Augmented Lagrangian Method for Maximizing Expectation and Minimizing Risk for Optimal Well-Control Problems With Nonlinear Constraints

Abstract

Summary Robust waterflooding optimization commonly refers to the problem of estimating well controls (wellbore pressures or rates at specified control steps) that maximize the expectation of net-present-value (NPV) of the life-cycle production over an ensemble of given reservoir models. Unfortunately, if the reservoir is operated under the “optimal” well controls obtained, the variance in NPV may be large; more importantly, if the smallest NPV obtained is close to the one that would be obtained for the true reservoir, the development of the reservoir might not be commercially viable. Liu and Reynolds (2015b) suggested that one way to manage risk was to consider the problem in which the dual objectives were to maximize the expected value of NPV and to minimize the risk in which the risk was defined as the minimum NPV from an ensemble of models spanning the uncertainty in reservoir description.

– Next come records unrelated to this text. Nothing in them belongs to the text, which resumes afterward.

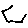
Label: hexagon
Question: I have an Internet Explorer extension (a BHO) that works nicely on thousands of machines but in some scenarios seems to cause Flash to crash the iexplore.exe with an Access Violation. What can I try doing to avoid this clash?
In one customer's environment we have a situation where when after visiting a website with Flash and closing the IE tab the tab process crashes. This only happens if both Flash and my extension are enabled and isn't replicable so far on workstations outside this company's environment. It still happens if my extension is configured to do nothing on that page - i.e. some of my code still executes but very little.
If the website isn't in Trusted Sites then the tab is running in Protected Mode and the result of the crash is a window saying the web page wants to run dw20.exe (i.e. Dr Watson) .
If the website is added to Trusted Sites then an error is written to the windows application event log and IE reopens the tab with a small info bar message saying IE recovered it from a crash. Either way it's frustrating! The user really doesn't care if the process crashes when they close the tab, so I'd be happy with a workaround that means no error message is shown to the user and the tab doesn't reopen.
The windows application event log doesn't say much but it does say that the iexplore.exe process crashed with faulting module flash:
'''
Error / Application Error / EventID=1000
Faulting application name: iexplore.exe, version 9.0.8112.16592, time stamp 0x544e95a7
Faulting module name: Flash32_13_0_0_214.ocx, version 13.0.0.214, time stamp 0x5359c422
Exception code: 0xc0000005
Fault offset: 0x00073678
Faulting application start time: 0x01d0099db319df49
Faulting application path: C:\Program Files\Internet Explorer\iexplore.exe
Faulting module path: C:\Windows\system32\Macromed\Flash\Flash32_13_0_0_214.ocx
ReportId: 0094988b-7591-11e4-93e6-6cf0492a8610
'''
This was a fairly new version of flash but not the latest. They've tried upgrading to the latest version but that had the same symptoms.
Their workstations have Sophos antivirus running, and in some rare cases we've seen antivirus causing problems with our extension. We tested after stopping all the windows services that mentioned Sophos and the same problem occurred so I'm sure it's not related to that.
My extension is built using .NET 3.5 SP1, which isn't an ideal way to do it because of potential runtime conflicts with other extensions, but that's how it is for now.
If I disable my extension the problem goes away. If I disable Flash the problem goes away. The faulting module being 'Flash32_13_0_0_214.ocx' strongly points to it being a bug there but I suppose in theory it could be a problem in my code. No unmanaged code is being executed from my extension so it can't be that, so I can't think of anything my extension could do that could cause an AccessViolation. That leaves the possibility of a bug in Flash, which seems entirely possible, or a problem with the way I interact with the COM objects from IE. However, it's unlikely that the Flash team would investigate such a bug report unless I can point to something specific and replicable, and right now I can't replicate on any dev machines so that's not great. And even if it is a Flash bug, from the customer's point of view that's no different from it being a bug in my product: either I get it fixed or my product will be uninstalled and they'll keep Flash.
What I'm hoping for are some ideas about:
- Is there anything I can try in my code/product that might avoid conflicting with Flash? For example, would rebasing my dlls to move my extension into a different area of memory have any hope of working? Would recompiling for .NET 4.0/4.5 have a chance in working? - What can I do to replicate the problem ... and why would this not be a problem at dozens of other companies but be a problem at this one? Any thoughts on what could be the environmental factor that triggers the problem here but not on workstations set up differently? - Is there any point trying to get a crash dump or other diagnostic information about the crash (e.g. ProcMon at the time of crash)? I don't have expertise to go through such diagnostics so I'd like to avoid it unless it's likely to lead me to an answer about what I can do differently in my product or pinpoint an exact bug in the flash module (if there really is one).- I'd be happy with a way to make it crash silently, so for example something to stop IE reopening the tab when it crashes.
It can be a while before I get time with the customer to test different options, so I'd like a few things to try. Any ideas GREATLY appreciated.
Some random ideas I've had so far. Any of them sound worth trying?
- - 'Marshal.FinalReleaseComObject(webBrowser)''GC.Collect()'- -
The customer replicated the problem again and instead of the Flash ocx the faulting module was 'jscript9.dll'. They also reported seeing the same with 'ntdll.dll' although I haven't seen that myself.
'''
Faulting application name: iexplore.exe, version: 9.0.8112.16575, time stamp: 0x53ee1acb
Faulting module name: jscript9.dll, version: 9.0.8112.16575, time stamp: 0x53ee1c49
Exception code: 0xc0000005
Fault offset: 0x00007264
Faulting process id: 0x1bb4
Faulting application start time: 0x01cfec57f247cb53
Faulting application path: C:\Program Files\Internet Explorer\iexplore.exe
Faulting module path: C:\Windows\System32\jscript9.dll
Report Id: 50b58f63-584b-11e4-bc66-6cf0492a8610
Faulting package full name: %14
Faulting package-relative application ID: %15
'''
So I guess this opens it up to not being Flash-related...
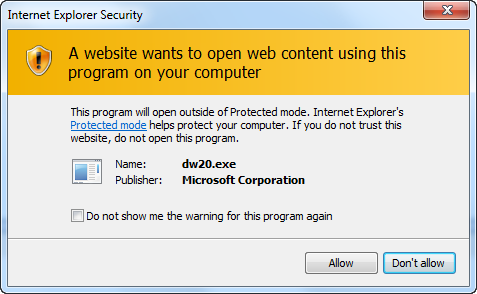
Answer: Problem is, with .Net you can do nearly nothing to actively mess the memory. So, unless you are playing a lot with Api calls, it's really difficult it's something in your code causing the fault.
Relocating the dll seems to me the most promising thing to do; not messing with GCC, too, seems a really good option (and it is ALWAYS, not only in this case).
Another problem is that it's not your module who is faulting, and this is something to consider seriously: it's not your code who is trying to reach a memory area malloc'ed by another dll, but it's their code trying to mess with your dll's memory space.
Probably your best bet is DW; by letting it save the dump, you can travel trough the stack trace to find the code causing the problem. Back tracing again, you can find the moment when some parameter become garbage. Finally, you can use this <URL>, in .Net you cannot in any way mess with memory so to 'cause an 0x05 in another dll; 99% it's this specific IE with its specific configuration the cause of everything, so your fastest solution would be to debug, find the offending code, then zip every information you have and mail it to MS.

However, the algorithms presented in Liu and Reynolds (2015b) considered only bound constraints. Here, we develop algorithms to generate points on the Pareto front when nonlinear state (output) constraints are present. The Pareto front is generated either by a constrained weighted-sum (WS) method or a constrained normal-boundary-intersection (NBI) method. In this paper, we extend the augmented Lagrangian approach given in Liu and Reynolds (2015b) for biobjective optimization with bound constraints to biobjective optimization problems in which nonlinear state constraints are present. We provide a detailed derivation of how to incorporate nonlinear constraints for multiobjective optimization problems (MOOPs) and illustrate, by means of example, that the methodology is viable for biobjective optimization with nonlinear constraints.